Each call to `local_digits()` is in effect until the next or until the function exits, which ever comes first.
```{r}
neatful <- function(x) {
local_digits(1)
print(x)
local_digits(3)
print(x)
local_digits(5)
print(x)
}
neatful(pi)
```
Certain state changes, such as modifying global options, come up so often that withr offers pre-made helpers.
These helpers come in two forms: `local_*()` functions, like the one we just made, and `with_*()` functions, which we explain below.
Here are the state change helpers in withr that you are most likely to find useful:
| Do / undo this | withr functions |
|-----------------------------|-------------------------------------|
| Set an R option | `local_options()`,`with_options()` |
| Set an environment variable | `local_envvar()`, `with_envvar()` |
| Change working directory | `local_dir()`, `with_dir()` |
| Set a graphics parameter | `local_par()`, `with_par()` |
We didn't really need to write our own `local_digits()` helper, because the built-in `withr::local_options()` also gets the job done:
```{r}
neatest <- function(x, sig_digits) {
local_options(list(digits = sig_digits))
print(x)
}
pi
neatest(pi, 2)
neatest(pi, 4)
```
The `local_*()` functions target a slightly different use case from the `with_*()` functions, which are inspired by base R's `with()` function:
* `with_*()` functions are best for executing a small snippet of code with a
modified state
```{r eval = FALSE}
neat_with <- function(x, sig_digits) {
# imagine lots of code here
withr::with_options(
list(digits = sig_digits),
print(x)
)
# ... and a lot more code here
}
```
* `local_*()` functions are best for modifying state "from now until the
function exits"
```{r eval = FALSE}
neat_local <- function(x, sig_digits) {
withr::local_options(list(digits = sig_digits))
print(x)
# imagine lots of code here
}
```
It's best to minimize the footprint of your state modifications.
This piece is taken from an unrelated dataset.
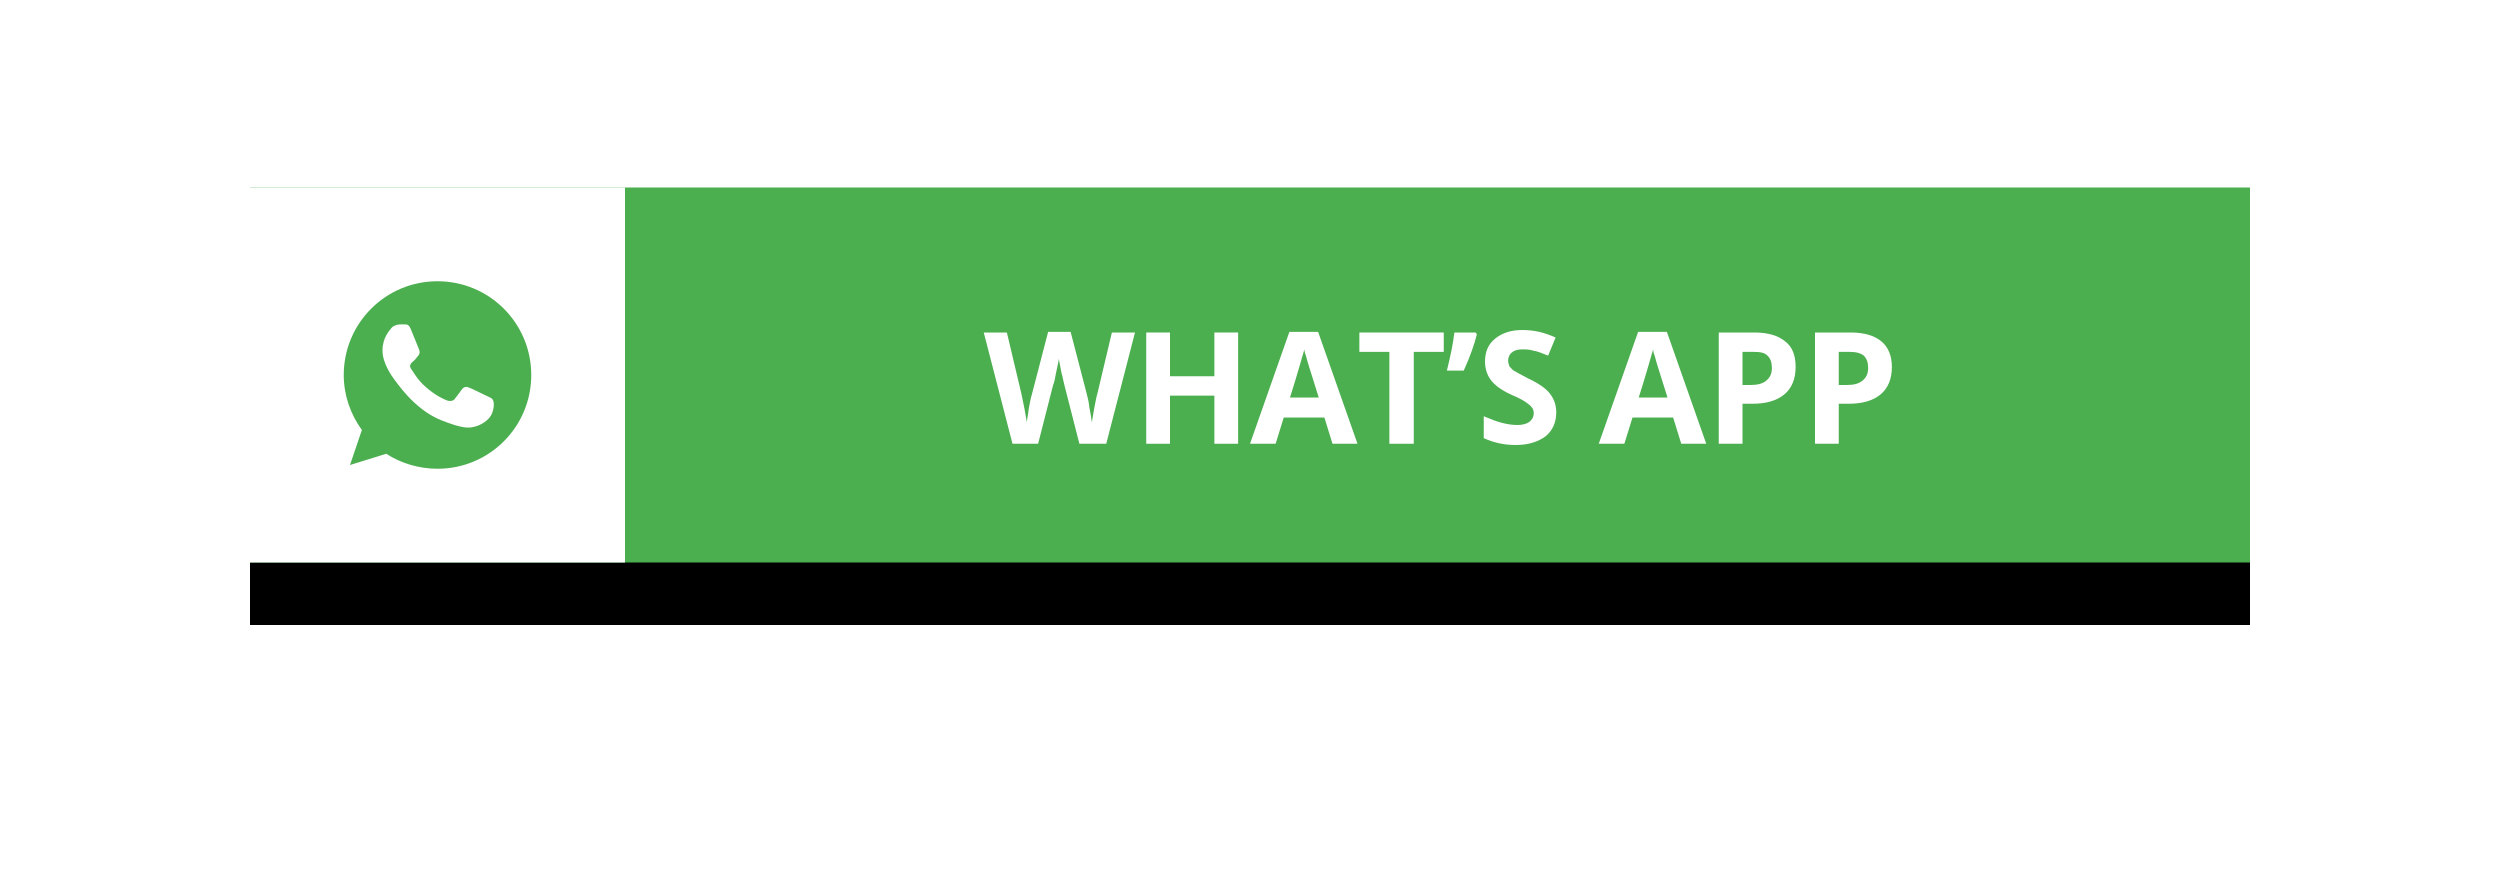 <?xml version="1.0" encoding="UTF-8"?> <!-- Generator: Adobe Illustrator 22.1.0, SVG Export Plug-In . SVG Version: 6.00 Build 0) --> <svg xmlns="http://www.w3.org/2000/svg" xmlns:xlink="http://www.w3.org/1999/xlink" id="Слой_1" x="0px" y="0px" viewBox="0 0 400 140" style="enable-background:new 0 0 400 140;" xml:space="preserve"> <style type="text/css"> .st0{filter:url(#filter-2);} .st1{fill:#4BAE4F;} .st2{fill:#FFFFFF;} .st3{enable-background:new ;} </style> <filter filterUnits="objectBoundingBox" height="316.7%" id="filter-2" width="140.6%" x="-20.3%" y="-91.7%"> <feOffset dx="0" dy="10" in="SourceAlpha" result="shadowOffsetOuter1"></feOffset> <feGaussianBlur in="shadowOffsetOuter1" result="shadowBlurOuter1" stdDeviation="20"></feGaussianBlur> <feColorMatrix in="shadowBlurOuter1" type="matrix" values="0 0 0 0 0 0 0 0 0 0 0 0 0 0 0 0 0 0 0.229 0"> </feColorMatrix> </filter> <title>wa hov</title> <desc>Created with Sketch.</desc> <g id="Page-1"> <g id="wa-hov" transform="translate(40, 30)"> <g id="Rectangle-Copy-3"> <g class="st0"> <rect id="path-1_2_" y="0" width="320" height="60"></rect> </g> <g> <rect id="path-1_1_" y="0" class="st1" width="320" height="60"></rect> </g> </g> <rect id="Rectangle-Copy-4" y="0" class="st2" width="60" height="60"></rect> <g class="st3"> <path class="st2" d="M137,41h-4.3l-2.4-9.4c-0.1-0.3-0.2-1-0.5-2.1c-0.2-1-0.3-1.7-0.4-2.1c0,0.4-0.2,1.1-0.4,2.1 s-0.3,1.7-0.5,2.1l-2.4,9.4H122l-4.6-17.8h3.7l2.3,9.7c0.4,1.8,0.7,3.4,0.9,4.7c0-0.5,0.2-1.2,0.3-2.2c0.2-1,0.3-1.7,0.5-2.3 l2.6-10h3.6l2.6,10c0.1,0.4,0.3,1.1,0.4,2.1c0.2,0.9,0.3,1.7,0.4,2.4c0.1-0.6,0.2-1.4,0.4-2.4c0.2-0.9,0.3-1.7,0.5-2.3l2.3-9.7 h3.7L137,41z"></path> <path class="st2" d="M158.1,41h-3.8v-7.7h-7.1V41h-3.8V23.2h3.8v7h7.1v-7h3.8V41z"></path> <path class="st2" d="M173.2,41l-1.3-4.2h-6.5l-1.3,4.2h-4.1l6.3-17.9h4.6l6.3,17.9H173.2z M171,33.6c-1.2-3.8-1.9-6-2-6.5 c-0.2-0.5-0.3-0.9-0.3-1.2c-0.3,1-1,3.6-2.3,7.7H171z"></path> <path class="st2" d="M186.1,41h-3.8V26.3h-4.8v-3.1H191v3.1h-4.8V41z"></path> <path class="st2" d="M196.1,23.2l0.2,0.3c-0.4,1.6-1.1,3.6-2.1,5.8h-2.7c0.6-2.4,1-4.4,1.2-6.1H196.1z"></path> <path class="st2" d="M209,36c0,1.6-0.6,2.9-1.7,3.8c-1.2,0.9-2.8,1.4-4.8,1.4c-1.9,0-3.6-0.4-5.1-1.1v-3.5 c1.2,0.5,2.2,0.9,3.1,1.1c0.8,0.2,1.6,0.3,2.3,0.3c0.8,0,1.5-0.2,1.9-0.5c0.4-0.3,0.7-0.8,0.7-1.4c0-0.3-0.1-0.7-0.3-0.9 c-0.2-0.3-0.5-0.5-0.9-0.8c-0.4-0.3-1.1-0.7-2.3-1.2c-1.1-0.5-1.9-1-2.5-1.5s-1-1-1.3-1.6c-0.3-0.6-0.5-1.4-0.5-2.2 c0-1.6,0.5-2.8,1.6-3.7c1.1-0.9,2.5-1.4,4.4-1.4c0.9,0,1.8,0.1,2.7,0.3c0.8,0.2,1.7,0.5,2.6,0.9l-1.2,2.9c-1-0.4-1.7-0.7-2.4-0.8 c-0.6-0.2-1.2-0.2-1.8-0.2c-0.7,0-1.3,0.2-1.6,0.5c-0.4,0.3-0.6,0.8-0.6,1.3c0,0.3,0.1,0.6,0.2,0.9c0.2,0.2,0.4,0.5,0.7,0.7 c0.3,0.2,1.1,0.6,2.4,1.3c1.7,0.8,2.8,1.6,3.4,2.4C208.7,33.9,209,34.9,209,36z"></path> <path class="st2" d="M229,41l-1.3-4.2h-6.5l-1.3,4.2h-4.1l6.3-17.9h4.6l6.3,17.9H229z M226.8,33.6c-1.2-3.8-1.9-6-2-6.5 c-0.2-0.5-0.3-0.9-0.3-1.2c-0.3,1-1,3.6-2.3,7.7H226.8z"></path> <path class="st2" d="M247.3,28.7c0,1.9-0.6,3.4-1.8,4.4c-1.2,1-2.9,1.5-5.1,1.5h-1.6V41H235V23.2h5.7c2.2,0,3.8,0.5,4.9,1.4 C246.8,25.5,247.3,26.9,247.3,28.7z M238.8,31.6h1.2c1.2,0,2-0.2,2.6-0.7s0.9-1.1,0.9-2c0-0.9-0.2-1.5-0.7-2s-1.2-0.6-2.3-0.6 h-1.7V31.6z"></path> <path class="st2" d="M262.7,28.7c0,1.9-0.6,3.4-1.8,4.4c-1.2,1-2.9,1.5-5.1,1.5h-1.6V41h-3.8V23.2h5.7c2.2,0,3.8,0.5,4.9,1.4 C262.1,25.5,262.7,26.9,262.7,28.7z M254.2,31.6h1.2c1.2,0,2-0.2,2.6-0.7s0.9-1.1,0.9-2c0-0.9-0.2-1.5-0.7-2 c-0.5-0.4-1.2-0.6-2.3-0.6h-1.7V31.6z"></path> </g> <g id="whatsapp" transform="translate(15, 15)"> <path id="Path" class="st1" d="M15,0L15,0C6.7,0,0,6.7,0,15c0,3.3,1.1,6.3,2.9,8.8L1,29.4l5.8-1.8C9.1,29.1,12,30,15,30 c8.3,0,15-6.7,15-15S23.3,0,15,0z"></path> <path id="Path_1_" class="st2" d="M23.7,21.2c-0.4,1-1.8,1.9-2.9,2.1c-0.8,0.2-1.8,0.3-5.3-1.1c-4.4-1.8-7.2-6.3-7.5-6.6 c-0.2-0.3-1.8-2.4-1.8-4.5s1.1-3.2,1.5-3.7c0.4-0.4,1-0.5,1.5-0.5c0.2,0,0.4,0,0.5,0c0.4,0,0.7,0,1,0.7c0.4,0.9,1.2,3,1.3,3.2 c0.1,0.2,0.2,0.5,0.1,0.8c-0.1,0.3-0.3,0.4-0.5,0.7c-0.2,0.3-0.4,0.4-0.7,0.7c-0.2,0.2-0.4,0.5-0.2,0.9c0.3,0.4,1.1,1.9,2.4,3 c1.7,1.5,3,2,3.5,2.2c0.4,0.1,0.8,0.1,1.1-0.2c0.3-0.4,0.8-1,1.2-1.6c0.3-0.4,0.7-0.5,1.1-0.3c0.4,0.1,2.5,1.2,3,1.4 c0.4,0.2,0.7,0.3,0.8,0.5C24.1,19.3,24.1,20.2,23.7,21.2z"></path> </g> </g> </g> </svg>

Therefore, use `with_*()` functions where you can.
But when this forces you to put lots of (indented) code inside `with_*()`, e.g. most of your function's body, then it's better to use `local_*()`.
## Deferring events on the global environment
Here is one last difference between `withr::defer()` and `on.exit()`: the ability to defer events on the global environment[^withr-2-2-0].
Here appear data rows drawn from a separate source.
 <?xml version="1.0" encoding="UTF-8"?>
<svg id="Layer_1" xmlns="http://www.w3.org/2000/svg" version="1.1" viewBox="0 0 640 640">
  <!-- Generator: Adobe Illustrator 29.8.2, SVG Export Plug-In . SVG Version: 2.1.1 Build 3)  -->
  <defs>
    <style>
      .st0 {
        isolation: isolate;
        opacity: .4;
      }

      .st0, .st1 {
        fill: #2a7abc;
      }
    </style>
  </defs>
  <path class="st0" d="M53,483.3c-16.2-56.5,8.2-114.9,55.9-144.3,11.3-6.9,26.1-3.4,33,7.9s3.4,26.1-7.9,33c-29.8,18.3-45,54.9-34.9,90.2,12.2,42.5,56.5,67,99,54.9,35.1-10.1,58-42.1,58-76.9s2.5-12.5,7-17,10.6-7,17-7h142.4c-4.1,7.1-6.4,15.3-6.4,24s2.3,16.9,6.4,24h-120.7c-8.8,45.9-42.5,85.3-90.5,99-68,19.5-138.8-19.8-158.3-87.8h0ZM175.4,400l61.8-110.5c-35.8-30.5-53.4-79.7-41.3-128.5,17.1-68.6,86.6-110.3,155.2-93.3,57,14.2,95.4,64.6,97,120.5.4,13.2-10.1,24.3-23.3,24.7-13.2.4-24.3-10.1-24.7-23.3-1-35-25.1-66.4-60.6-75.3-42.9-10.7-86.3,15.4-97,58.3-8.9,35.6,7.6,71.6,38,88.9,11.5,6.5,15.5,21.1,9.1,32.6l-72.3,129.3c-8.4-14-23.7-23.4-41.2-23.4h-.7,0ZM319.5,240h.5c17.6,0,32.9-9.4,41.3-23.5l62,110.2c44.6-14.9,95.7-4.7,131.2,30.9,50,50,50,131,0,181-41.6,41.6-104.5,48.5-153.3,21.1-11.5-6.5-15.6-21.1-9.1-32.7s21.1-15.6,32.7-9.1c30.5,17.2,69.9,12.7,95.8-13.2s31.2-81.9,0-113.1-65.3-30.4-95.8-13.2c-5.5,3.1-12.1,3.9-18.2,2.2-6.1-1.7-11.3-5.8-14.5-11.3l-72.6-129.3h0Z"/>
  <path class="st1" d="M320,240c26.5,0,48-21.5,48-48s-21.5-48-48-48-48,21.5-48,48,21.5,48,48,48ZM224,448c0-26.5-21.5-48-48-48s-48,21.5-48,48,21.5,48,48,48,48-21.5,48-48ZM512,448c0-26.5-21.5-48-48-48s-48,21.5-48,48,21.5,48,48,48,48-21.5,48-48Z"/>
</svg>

[^withr-2-2-0]: This feature first appeared in withr v2.2.0.
At first, it sounds pretty weird to propose scheduling deferred actions on the global environment.
It's not ephemeral, the way function execution environments are.
It goes out of scope very rarely, i.e. when you exit R.
Why would you want this?
The answer is: for development purposes.
If you are developing functions or tests that use withr, it's very useful to be able to execute that code interactively, without error, and with the ability to trigger the deferred events.
It's hard to develop with functions that work one way inside a function, but another way in the global environment (or, worse, throw an error).
Here's how `defer()` (and all functions based on it) works in an interactive session.
```{r}
library(withr)
defer(print("hi"))
pi
# this adds another deferred event, but does not re-message
local_digits(3)
pi
deferred_run()
pi
```
Note that because this example is running in a vignette, it doesn't look exactly the same as what you'll see interactively. When you defer events on the global environment for the first time, you get this message that alerts you to the situation:
```{r, eval = FALSE}
defer(print("hi"))
#> Setting global deferred event(s).
#> i These will be run:
#> * Automatically, when the R session ends.
#> * On demand, if you call `withr::deferred_run()`.
#> i Use `withr::deferred_clear()` to clear them without executing.
```
If you add subsequent events, the message is *not* repeated.
Since the global environment isn't perishable, like a test environment is, you have to call `deferred_run()` explicitly to execute the deferred events. You can also clear them, without running, with `deferred_clear()`.